李明瀾低下頭:“可是, 我知道,打掉很痛的。”她的嫂子曾經流產,休養大半年才恢覆。

嫂子跟她說, 孩子是女人的一塊肉,生生扯下來, 哪有不疼的?

“李明瀾, 你不是一個人的,我陪著你。你說的, 讓我一直養著你。”孟澤要去拉她的手。

她閃開了。也不是遇到誰,就讓誰養的。那個人須得在及格線上。

她欣賞孟澤, 做事沈著冷靜, 有條不紊。

可惜,她不是孟澤,她是李明瀾。她做不到的,她開不了口。

她喃喃著:“我還沒有想好。”

“你聽我說。”孟澤猛然抱住她,“這一次全是我的錯, 將來, 等我們有能力才能培養下一代。”

李明瀾又見到,她孩子的證明被他緊緊壓著。她用力掙開他,把皺巴巴的紙團謹慎放進褲袋裏。

膽大妄為是她的標簽, 捅破天卻是頭一次。

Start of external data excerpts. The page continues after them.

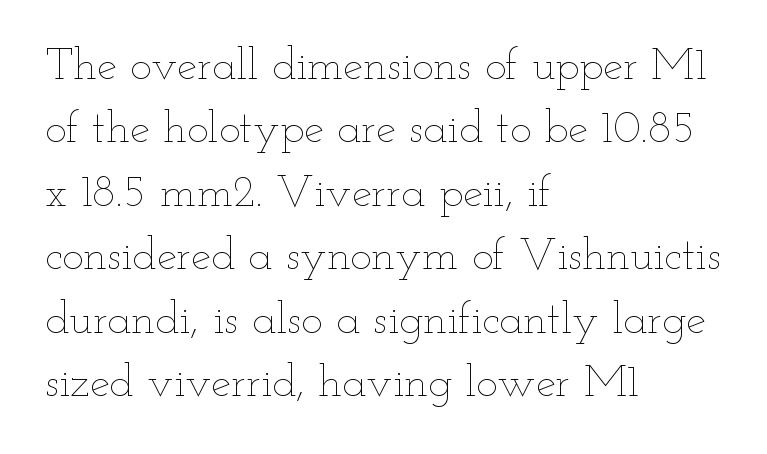
If you measured baseline to baseline, you'd find a middling distance. Quick note: not italic, upright. Do the characters align in a grid? No, the font is proportional. A classic flush-left, rag-right setting is used for this passage. The glyphs are unaccompanied by any horizontal stroke below them.
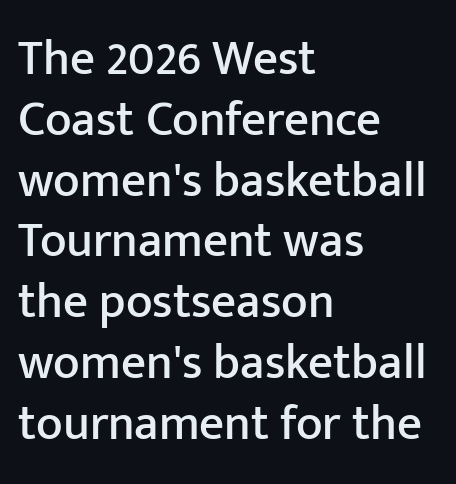
The rendering uses natural spacing where letterforms have individual widths. No extra tracking has been applied to these lines. The font's upright variant was chosen for this text. The face used here is a sans, in the tradition of grotesques and geometrics. Bare-footed words on every line.
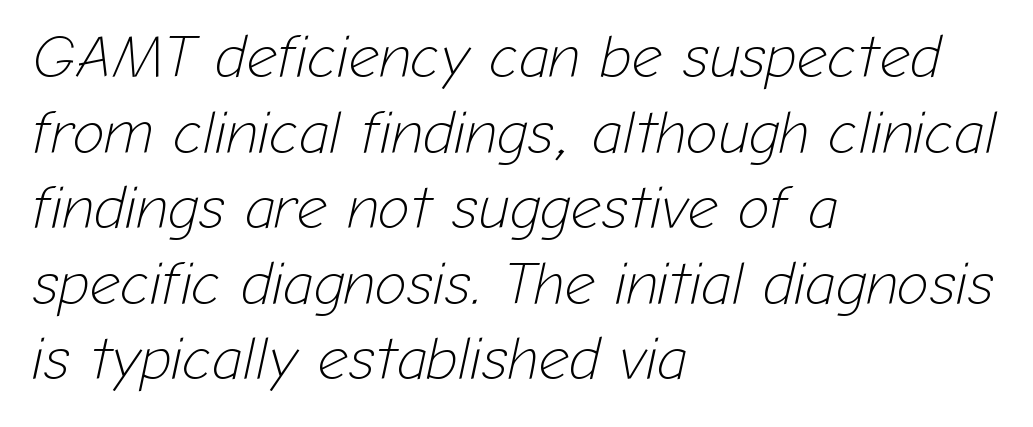
The letters advance in unequal steps, a hallmark of proportional type. Is there much room between lines? A standard amount, neither cramped nor airy. Slant detected: the letters are inclined. Each stroke keeps to a modest, everyday thickness or less.
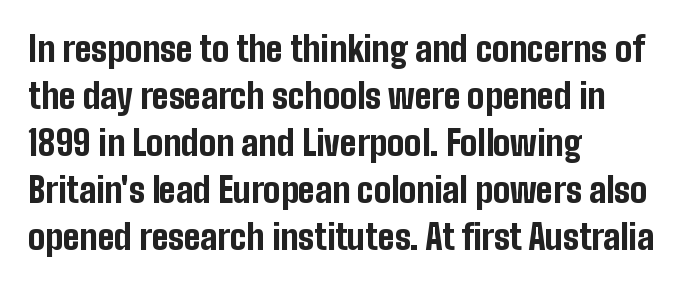
{"serif": "no", "italic": "no", "bold": "yes", "weight": "bold", "width": "condensed", "stroke_contrast": "low", "x_height": "medium", "monospaced": "no", "underline": "no", "align": "left", "line_spacing": "normal", "line_spacing_ratio": 1.38, "letter_spacing": "normal", "letter_spacing_em": 0.0, "glyph_px": 34}
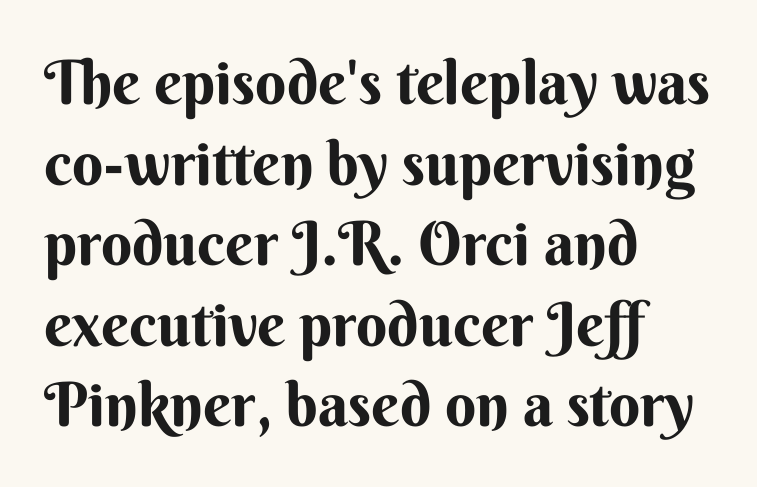
The face used here has the dense, thick strokes of a bold. There is no visible air inserted between adjacent glyphs. Character widths vary here, with narrow letters taking less room than wide ones. Alignment: flush left.

她想著和孟澤商量, 有沒有兩全其美的方法。

大概沒有。

他不對孩子表現一絲不舍。

李明瀾瞪著大眼睛,她少有脾氣,這是第一次爆發:“你說得好聽, 其實你去北方時根本想好了, 要和我一刀兩斷,孟澤, 我沒有你想的那麽笨,那麽蠢。”

她有自己的貪戀,她舍不得孟澤,於是自欺欺人。

孟澤自北方回來,對她可好了,她不計較。如果真的當面對質,她理性分析他從前的一言一行。

他和她說“將來”。

將來?渺茫著呢。

“你在胡思亂想什麽?”預知未來是一件愚蠢至極的事,但是——“我會一直養著你,我說話算話。”

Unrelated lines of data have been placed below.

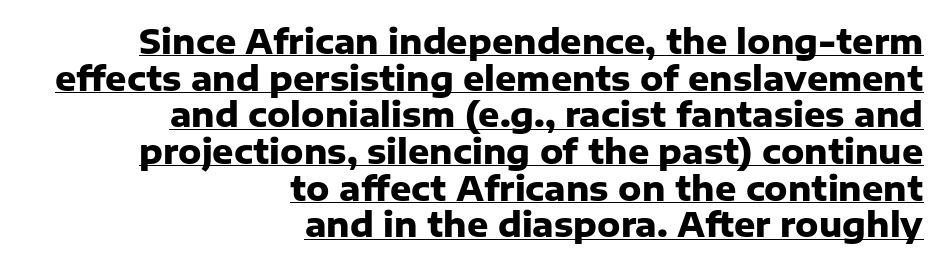
The image shows 33 px heavy sans-serif type, upright; set right-aligned, tight line spacing (1.11x), normal letter spacing, underlined; low stroke contrast and a medium x-height.
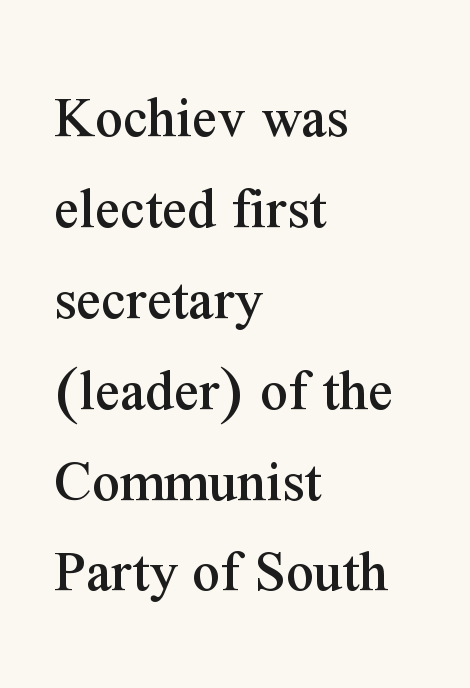
The image shows 61 px serif type, upright; set left-aligned, normal line spacing (1.49x), normal letter spacing, not underlined; medium stroke contrast and a medium x-height.
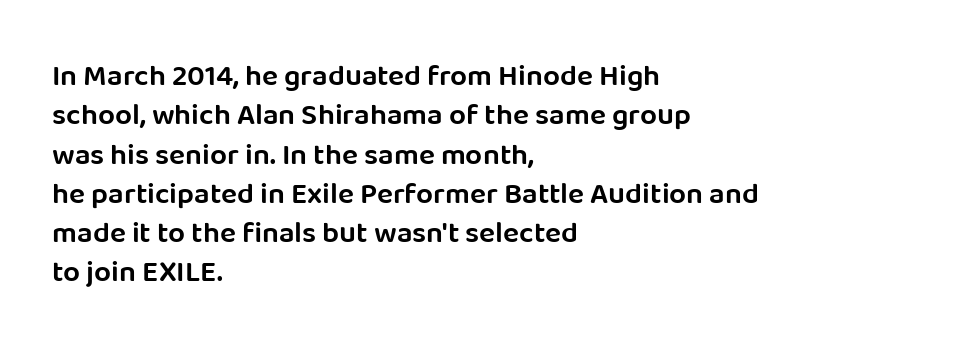
Descenders are the only things crossing below the line. The block of text has a typical density, with ordinary space between rows. Standard letterfit; no display-style spreading of the glyphs. Is this a fixed-width face? No — the glyphs have proportional, varying widths. Each letter's strokes conclude bluntly, with no projecting serifs.
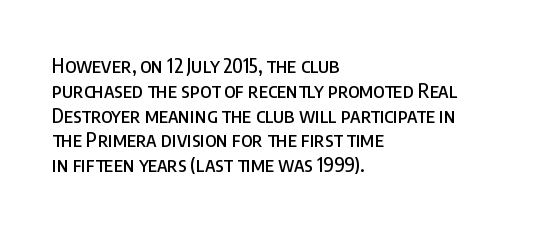
{"italic": "no", "underline": "no", "align": "left", "line_spacing_ratio": 1.24, "letter_spacing": "normal", "letter_spacing_em": 0.0, "glyph_px": 20}
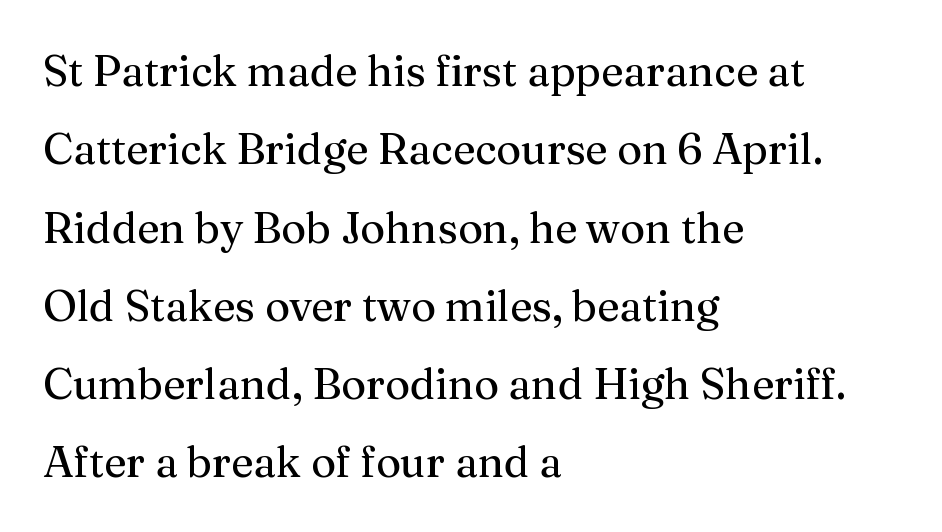
{"serif": "yes", "italic": "no", "bold": "no", "weight": "regular", "width": "normal", "stroke_contrast": "medium", "x_height": "medium", "monospaced": "no", "underline": "no", "align": "left", "line_spacing_ratio": 1.82, "letter_spacing": "normal", "letter_spacing_em": 0.0, "glyph_px": 43}
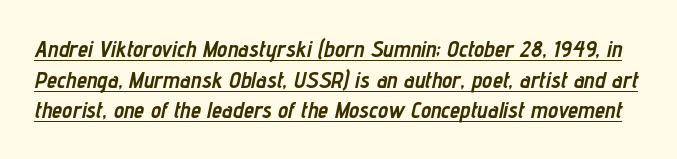
The font's italic variant was chosen for this text. A typesetter would call this leading conventional body-copy spacing. Compared with undecorated copy, this sample adds a rule below the words. Glyph-to-glyph distance matches everyday printed text.
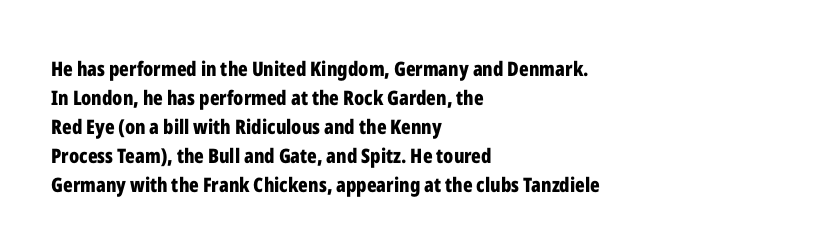
The image shows 20 px bold type, upright; set left-aligned, normal line spacing (1.45x), normal letter spacing, not underlined.

“孟澤,你哪怕……你哪怕有一點點不忍心,我都覺得是安慰。”難怪他說,她是個大麻煩,她現在是一個比天還大的禍害。

孟澤放緩聲調:“我不忍心,我也不忍心,我們負擔不起。”

“撒謊。”他這麽理智,除了開始的震驚,之後所有的話都是利害分析,她才不被他騙。

“李明瀾,我不騙你。”

“我不信你。”

“你想怎樣?難道你要將孩子生下來?”孟澤發現,比起他,她的膽子更大,她沒有考慮過兩人的處境,她只堅持,這是她的孩子,“我們是過江泥菩薩。”

她不知道要怎樣,但她喜歡孩子,她轉身要走。

他攔住:“發生這件事,是我不對,李明瀾,解決問題需要冷靜。”

他就是太冷靜。李明瀾繃著一股勁:“我是人,我有感情,我會猶豫,我會難過,而不是像你一樣,將一個孩子當成一道數學題。”她跑出門外,把門摔得砰砰作響。

她飛快沖下樓,險些撞到一個鄰居。

孟澤追出來,又差點撞到這個鄰居。

鄰居攔住他的去路,教訓說:“年輕人,走路要長眼睛。”

孟澤和鄰居道歉,再下樓時,已經不見李明瀾的蹤影。

陽光推著烏雲,烏雲被燒出一個洞。斑駁的光將洞口越撕越大,天空的底色由灰漸漸變淡。

陰轉晴,萬物被塗上白蠟,卻若死灰。



李明瀾知道自己沖動,她也給自己冷靜的時間。

她不出去,一個人待在房間裏,畫畫塗鴉。

孟澤被龍正初傳染了似的,一個接一個的電話打過來。

她不理。

他繼續打。

過了兩天,李明瀾覺得冷靜的時間夠了,這才和他談。

“李明瀾,你考慮得怎麽樣?”

李明瀾側坐在椅子上,擡起雙腿,單手抱住雙膝,她蜷縮著:“孟澤我比較笨,我想不通。”她不敢去想,如果留下孩子,她的未來在哪裏?一旦沒有孩子,她和孟澤又會怎麽樣?

“既然你想不通,為什麽不聽我的?”

聽在她的耳中,他是前所未有的溫柔。“我想不通我的,我也想不通你的。”

“李明瀾,你別鬧。”孟澤似乎又急了。

但李明瀾沒有鬧,她出奇冷靜,聲音比他的還冷。反倒是他緊張著。她的肚子如今已經是他的命脈吧。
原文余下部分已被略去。